Record set Start Marker

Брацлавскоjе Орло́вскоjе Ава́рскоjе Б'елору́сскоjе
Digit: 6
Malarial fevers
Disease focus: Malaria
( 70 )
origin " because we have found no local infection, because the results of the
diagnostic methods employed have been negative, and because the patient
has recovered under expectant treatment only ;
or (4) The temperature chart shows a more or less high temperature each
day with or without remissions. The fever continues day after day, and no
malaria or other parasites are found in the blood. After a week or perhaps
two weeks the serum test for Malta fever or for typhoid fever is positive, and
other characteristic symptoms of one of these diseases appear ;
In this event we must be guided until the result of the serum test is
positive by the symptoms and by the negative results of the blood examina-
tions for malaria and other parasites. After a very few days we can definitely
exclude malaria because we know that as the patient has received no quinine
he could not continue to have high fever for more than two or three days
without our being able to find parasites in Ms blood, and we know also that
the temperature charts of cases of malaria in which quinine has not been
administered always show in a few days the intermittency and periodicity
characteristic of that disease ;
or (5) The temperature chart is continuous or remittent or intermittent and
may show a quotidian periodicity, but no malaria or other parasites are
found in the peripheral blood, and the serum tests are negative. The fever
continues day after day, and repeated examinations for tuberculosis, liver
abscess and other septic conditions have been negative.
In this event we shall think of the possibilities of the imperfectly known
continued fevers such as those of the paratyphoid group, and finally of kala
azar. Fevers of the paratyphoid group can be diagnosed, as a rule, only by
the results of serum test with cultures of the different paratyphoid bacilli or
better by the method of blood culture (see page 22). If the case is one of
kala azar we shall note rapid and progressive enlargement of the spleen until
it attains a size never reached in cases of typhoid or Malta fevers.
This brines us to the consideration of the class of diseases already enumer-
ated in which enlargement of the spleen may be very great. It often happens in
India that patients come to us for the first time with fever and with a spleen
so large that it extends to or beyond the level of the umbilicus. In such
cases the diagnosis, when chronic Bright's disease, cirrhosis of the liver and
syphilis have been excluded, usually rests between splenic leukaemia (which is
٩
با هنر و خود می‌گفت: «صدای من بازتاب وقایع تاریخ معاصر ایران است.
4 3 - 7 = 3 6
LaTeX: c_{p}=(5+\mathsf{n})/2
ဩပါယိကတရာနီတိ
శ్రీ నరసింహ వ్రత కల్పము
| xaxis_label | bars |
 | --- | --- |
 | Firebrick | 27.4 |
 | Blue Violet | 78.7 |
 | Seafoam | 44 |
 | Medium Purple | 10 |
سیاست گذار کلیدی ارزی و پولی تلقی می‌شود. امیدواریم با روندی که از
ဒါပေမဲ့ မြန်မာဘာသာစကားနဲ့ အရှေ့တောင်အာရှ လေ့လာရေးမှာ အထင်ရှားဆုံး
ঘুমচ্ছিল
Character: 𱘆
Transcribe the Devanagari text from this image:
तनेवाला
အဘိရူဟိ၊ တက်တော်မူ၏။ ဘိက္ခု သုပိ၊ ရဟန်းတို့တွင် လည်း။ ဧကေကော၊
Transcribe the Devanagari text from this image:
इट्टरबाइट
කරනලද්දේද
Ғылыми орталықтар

Record set End Marker

### Action item
Output the lines above exactly, but only those between the line holding "better by the" and the line holding "4 3 - 7 = 3 6", inclusive.

### Solution to this problem
better by the method of blood culture (see page 22). If the case is one of
kala azar we shall note rapid and progressive enlargement of the spleen until
it attains a size never reached in cases of typhoid or Malta fevers.
This brines us to the consideration of the class of diseases already enumer-
ated in which enlargement of the spleen may be very great. It often happens in
India that patients come to us for the first time with fever and with a spleen
so large that it extends to or beyond the level of the umbilicus. In such
cases the diagnosis, when chronic Bright's disease, cirrhosis of the liver and
syphilis have been excluded, usually rests between splenic leukaemia (which is
٩
با هنر و خود می‌گفت: «صدای من بازتاب وقایع تاریخ معاصر ایران است.
4 3 - 7 = 3 6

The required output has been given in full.